A white dwarf provides insights into the systemic chaos that occurs when a star dies

Artist's illustration shows a white dwarf star collecting debris from shattered objects in a planetary system. Credit: NASA, ESA, Joseph Olmsted (STScI)
Artist's illustration shows a white dwarf star collecting debris from shattered objects in a planetary system. Credit: NASA, ESA, Joseph Olmsted (STScI)

The violent death flickers of a nearby star have caused such severe disruption to its planetary system that the dead star left behind — known as a white dwarf — sucks in debris from both the inner and outer reaches of the system, UCLA astronomers and their colleagues report.

This is the first case of cosmic cannibalism in which astronomers have observed a white dwarf star devouring both rocky-metallic material, probably from a nearby asteroid, and icy material, probably from a body similar to the bodies found in the Kuiper belt at the edge of our solar system.
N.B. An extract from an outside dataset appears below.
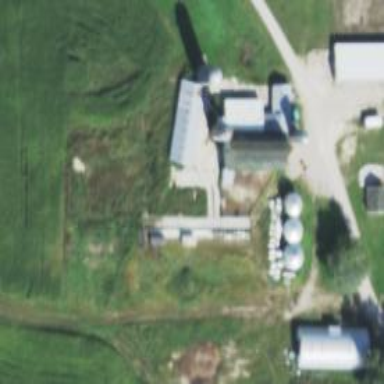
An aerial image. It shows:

"We've never seen these two types of objects coalesce into a white dwarf at the same time," said lead researcher Ted Johnson of UCLA. "We hope that studying these white dwarfs will help us better understand planetary systems that are still intact."

The conclusions are based on an examination of materials captured by the atmosphere of G238-44, a white dwarf located about 86 light-years from Earth, using archival data from the Hubble Space Telescope and other satellites and observatories of NASA. A white dwarf is the extinguished core that remains after a star similar to our Sun sheds its outer layers and stops burning fuel through nuclear fusion.

As surprising as the varied diet of the white dwarf may be, the findings are also intriguing because astronomers believe that icy objects crashed into dry and rocky planets in our solar system and watered them - including Earth. It is thought that billions of years ago, comets and asteroids brought water to our planet, creating the conditions necessary for life. The composition of the shower of material discovered falling on G238-44 suggests that ice reservoirs may be common in planetary systems, said study co-author Benjamin Zuckerman, a professor of physics and astronomy at UCLA.

"Life as we know it requires a rocky planet covered in a variety of volatile elements such as carbon, nitrogen and oxygen," Zuckerman said. "It seems that the abundance of elements we see in this white dwarf came from a rocky parent body and also from a highly volatile parent body - the first example we found among hundreds of studies of white dwarfs."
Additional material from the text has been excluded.